In terms of limitations of this study, it should be stressed that the individuals who were still able and willing to participate in this research after 10 years are a positive selection. Another limitation of this study is that we cannot distinguish the extent to which the findings are attributable to regional conditions. Studies comparing regional differences (e.g., Holland et al., 2005; Mollenkopf et al., 2005, 2006) suggest that a range of mobility factors play an equally important role in older adults’ quality of life under diverging national and regional conditions. At the same time some mobility components showed differential significance depending on the area under observation. This observation points to the necessity of considering regional peculiarities as well as individual aspects in order to fully understand the respective relation between mobility options and quality of life.

The findings confirm what is known from our basic environmental gerontology approach (Wahl & Oswald, 2010; Wahl et al., 2007), that an older individual’s physical, social, and technical resources, as well as the structural resources provided by a region or locality, constitute basic prerequisites for moving about. The strong impact that the ability to pursue fulfilling activities has on the satisfaction with life reflects the importance that a congruence between personal and environmental resources has for an individual’s well-being. At the same time, the respective circumstances seem to be mediated by the subjective evaluation of one’s own possibilities and prevailing environmental conditions.

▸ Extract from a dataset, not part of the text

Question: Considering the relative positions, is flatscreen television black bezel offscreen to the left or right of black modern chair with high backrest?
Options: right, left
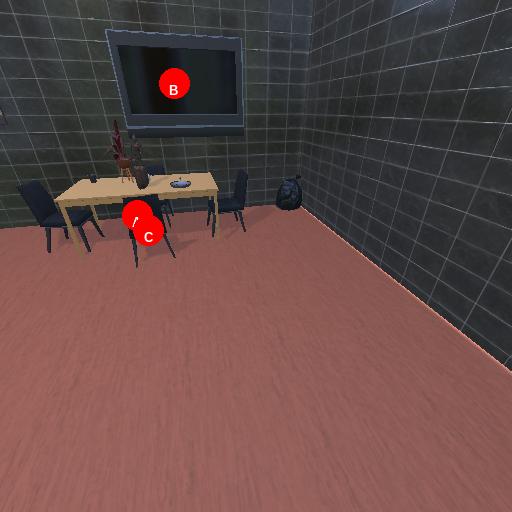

We believe that our findings have relevance for policy measures and further research alike. On the one hand, more detailed knowledge is necessary to improve the understanding of the nature, meaning, and significance of specific aspects of out-of-home mobility for older adults’ quality of life. In this respect, compiling sociological, behavioral, and transportation approaches could provide further insights. On the other hand, the available data already show how crucial it is to promote the mobility of older adults as a means of enabling them to take part in meaningful activities at locations outside their homes through various structural, technological, and social measures of prevention and support in order to maintain their quality of life and well-being.